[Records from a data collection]
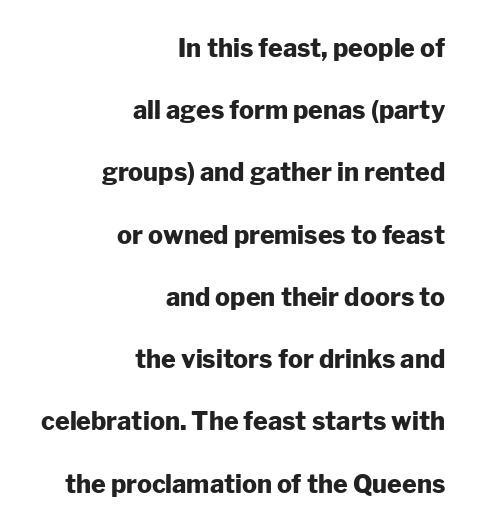
Q: Is the text bold? A: Yes.
Q: Is the text italic (slanted)? A: No, it is upright.
Q: Is the text underlined? A: No.
Q: How is the paragraph aligned? A: Right-aligned.
Q: Is the spacing between letters normal or unusually wide? A: Normal.
Q: Is the spacing between lines tight, normal or loose? A: Loose.
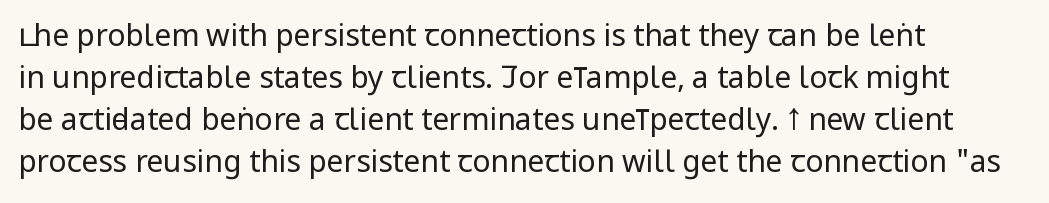
The zone under the glyphs is completely vacant. Rendered with straight, roman letterforms. Each letter keeps its own natural width here, so spacing adapts to shape. Is there much room between lines? A standard amount, neither cramped nor airy.
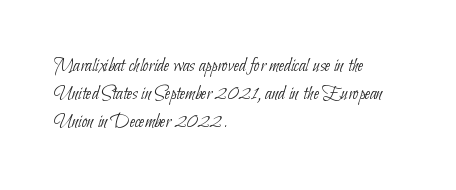
Descender tails drop into unmarked territory. The font sits on the lighter half of the weight spectrum, regular included. Short note: letters normally spaced. Is there much room between lines? A standard amount, neither cramped nor airy.
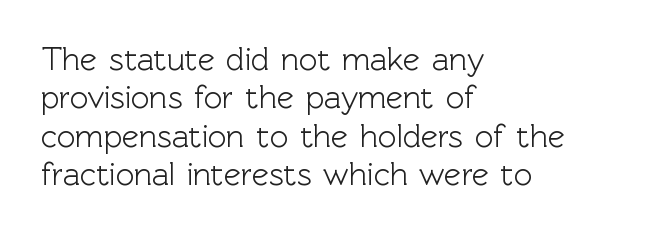
Q: Is the text italic (slanted)? A: No, it is upright.
Q: Is the typeface a serif or a sans-serif typeface? A: Sans-serif.
Q: Is the text underlined? A: No.
Q: How is the paragraph aligned? A: Left-aligned.
Q: Is the spacing between letters normal or unusually wide? A: Normal.
Q: Width (condensed, normal, or wide)? A: Normal.
Q: x-height? A: Medium.
Q: Monospaced? A: No.
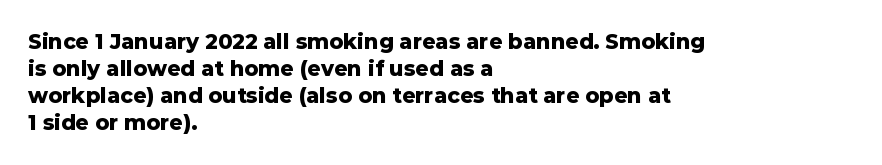
Q: Is the text bold? A: Yes.
Q: Is the text italic (slanted)? A: No, it is upright.
Q: Is the text underlined? A: No.
Q: How is the paragraph aligned? A: Left-aligned.
Q: Is the spacing between letters normal or unusually wide? A: Normal.
Q: Is the spacing between lines tight, normal or loose? A: Normal.
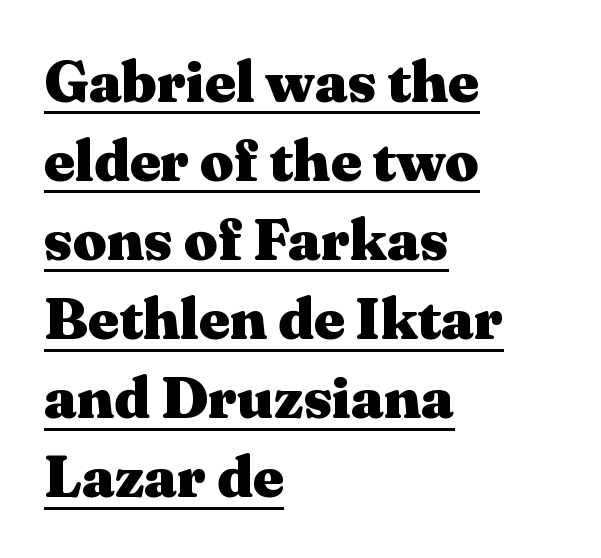
Q: Is the text bold? A: Yes.
Q: Is the text italic (slanted)? A: No, it is upright.
Q: Is the typeface a serif or a sans-serif typeface? A: Serif.
Q: Is the text underlined? A: Yes.
Q: How is the paragraph aligned? A: Left-aligned.
Q: Is the spacing between letters normal or unusually wide? A: Normal.
Q: Is the spacing between lines tight, normal or loose? A: Normal.
Q: Width (condensed, normal, or wide)? A: Wide.
Q: Stroke contrast? A: Medium.
Q: x-height? A: Medium.
Q: Monospaced? A: No.
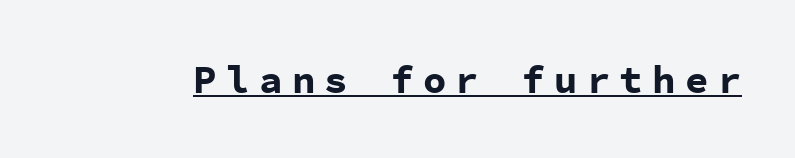
The image shows 39 px bold sans-serif type, upright, monospaced; set unusually wide letter spacing (+0.24 em), underlined; low stroke contrast and a medium x-height.
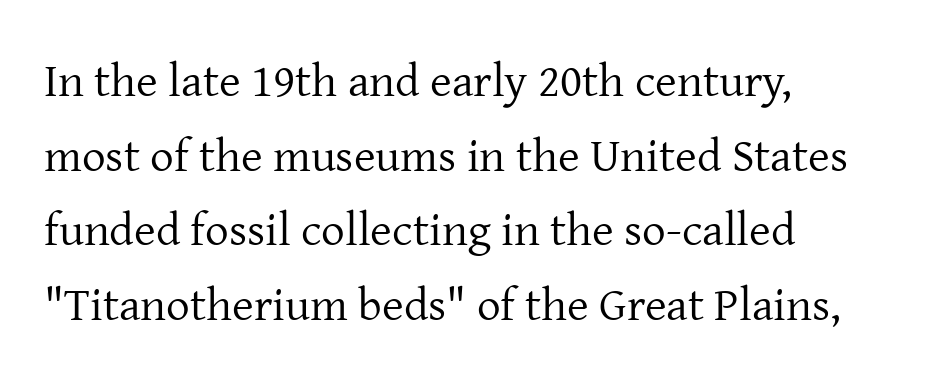
The image shows 47 px regular-weight serif type, upright; set left-aligned, normal line spacing (1.59x), normal letter spacing, not underlined; low stroke contrast and a medium x-height.
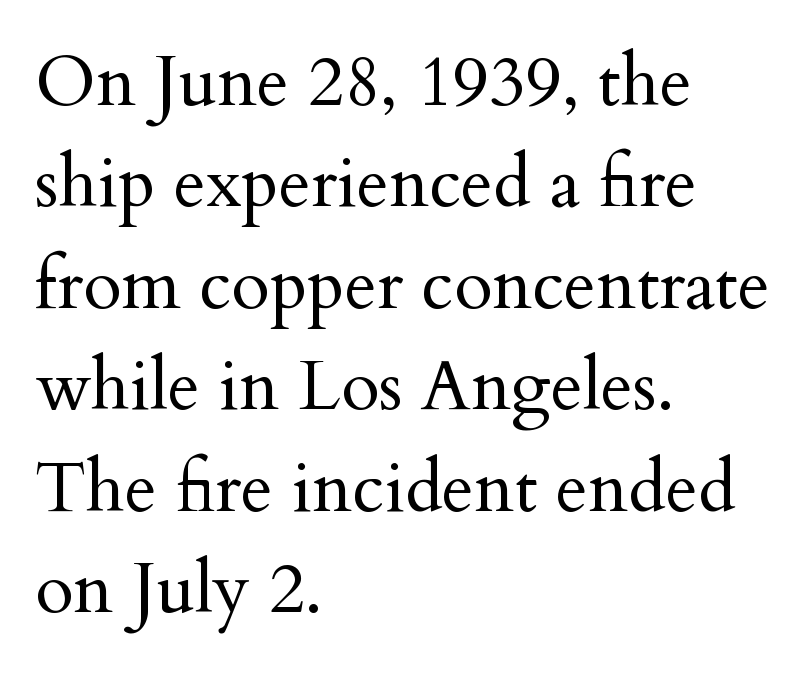
The image shows 70 px regular-weight serif type, upright; set left-aligned, normal line spacing (1.45x), normal letter spacing, not underlined; medium stroke contrast and a small x-height.

• **The problem**: Taking each record in turn, retype it exactly and drop any picture.

• **Answer to this task**:
Q: Is the text bold? A: Yes.
Q: Is the text italic (slanted)? A: No, it is upright.
Q: Is the text underlined? A: No.
Q: How is the paragraph aligned? A: Right-aligned.
Q: Is the spacing between letters normal or unusually wide? A: Normal.
Q: Is the spacing between lines tight, normal or loose? A: Loose.
The zone under the glyphs is completely vacant. Rendered with straight, roman letterforms. Each letter keeps its own natural width here, so spacing adapts to shape. Is there much room between lines? A standard amount, neither cramped nor airy.
Descender tails drop into unmarked territory. The font sits on the lighter half of the weight spectrum, regular included. Short note: letters normally spaced. Is there much room between lines? A standard amount, neither cramped nor airy.
Q: Is the text italic (slanted)? A: No, it is upright.
Q: Is the typeface a serif or a sans-serif typeface? A: Sans-serif.
Q: Is the text underlined? A: No.
Q: How is the paragraph aligned? A: Left-aligned.
Q: Is the spacing between letters normal or unusually wide? A: Normal.
Q: Width (condensed, normal, or wide)? A: Normal.
Q: x-height? A: Medium.
Q: Monospaced? A: No.
Q: Is the text bold? A: Yes.
Q: Is the text italic (slanted)? A: No, it is upright.
Q: Is the text underlined? A: No.
Q: How is the paragraph aligned? A: Left-aligned.
Q: Is the spacing between letters normal or unusually wide? A: Normal.
Q: Is the spacing between lines tight, normal or loose? A: Normal.
Q: Is the text bold? A: Yes.
Q: Is the text italic (slanted)? A: No, it is upright.
Q: Is the typeface a serif or a sans-serif typeface? A: Serif.
Q: Is the text underlined? A: Yes.
Q: How is the paragraph aligned? A: Left-aligned.
Q: Is the spacing between letters normal or unusually wide? A: Normal.
Q: Is the spacing between lines tight, normal or loose? A: Normal.
Q: Width (condensed, normal, or wide)? A: Wide.
Q: Stroke contrast? A: Medium.
Q: x-height? A: Medium.
Q: Monospaced? A: No.
The image shows 39 px bold sans-serif type, upright, monospaced; set unusually wide letter spacing (+0.24 em), underlined; low stroke contrast and a medium x-height.
The image shows 47 px regular-weight serif type, upright; set left-aligned, normal line spacing (1.59x), normal letter spacing, not underlined; low stroke contrast and a medium x-height.
The image shows 70 px regular-weight serif type, upright; set left-aligned, normal line spacing (1.45x), normal letter spacing, not underlined; medium stroke contrast and a small x-height.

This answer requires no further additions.